Weak Linkage between the Heaviest Rainfall and Tallest Storms

Abstract:

Eleven years measurements from the Precipitation Radar (PR) onboard the Tropical Rainfall Measuring Mission (TRMM) satellite reveals robust differences in rainfall characteristics between extreme rainfall and convection events, irrespective of region. After accumulating `rainfall events' defined as a set of contiguous rainy pixels of TRMM PR measurements for each 2.5 x 2.5 degree grid cell, three different types of regional extreme rainfall events are defined in each grid cell, using the maximum values of near-surface rainfall rate (NSR) and 40-dBZ echo top height (ETH40) in rainfall events; R-only (H-only) extreme events are defined as rainfall events of which the maximum NSR (ETH40) is within top 0.1% but the ETH40 (NSR) is not; RH extreme events are defined as those of which both the maxima of NSR and ETH40 are within top 0.1%.

Only a small fraction of rainfall extreme events are found to be related to convective extremes. The results demonstrate that, even in regions where severe convective storms are representative extreme weather events, the heaviest rainfall events are mostly associated with less intense convection. There are robust differences in echo profiles, rainfall characteristics, and local environments between extreme rainfall and convection events, irrespective of region. Extreme rainfall events exhibit lower echo-top height and downward increase of radar reflectivity (Ze) below the freezing level, whereas extreme convection events exhibit more vertically aligned echo structure. The echo and environmental characteristics of extreme rainfall events imply the importance of warm-rain processes in producing extreme rainfall.
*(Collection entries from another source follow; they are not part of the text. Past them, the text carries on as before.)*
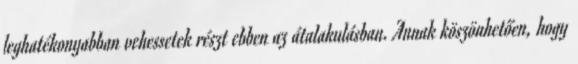
leghatékonyabban vehessetek részt ebben az átalakulásban. Annak köszönhetően, hogy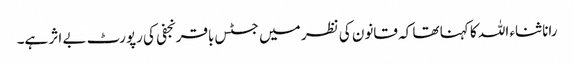
رانا ثناء اللہ کا کہنا تھا کہ قانون کی نظر میں جسٹس باقر نجفی کی رپورٹ بے اثر ہے۔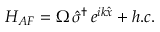
H _ { A F } = \Omega \, \hat { \sigma } ^ { \dag } \, e ^ { i k \hat { x } } + h . c .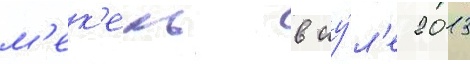
м'ек'ель в иу́л'е 2013

An important concern regarding the PR measurements in Ku band is significant attenuation by severe hailstorms. We performed a statistical evaluation of the PR measurements using 5-yr measurements obtained during the Baiu season (May-June) using a ground-based C-band radar in Okinawa, Japan, and confirmed that the attenuation correction method for PR reflectivity works correctly, at least qualitatively, in this region. We are also continuing to evaluate this important issue using data from WSR-88D radars in the United States for some of their severe storms.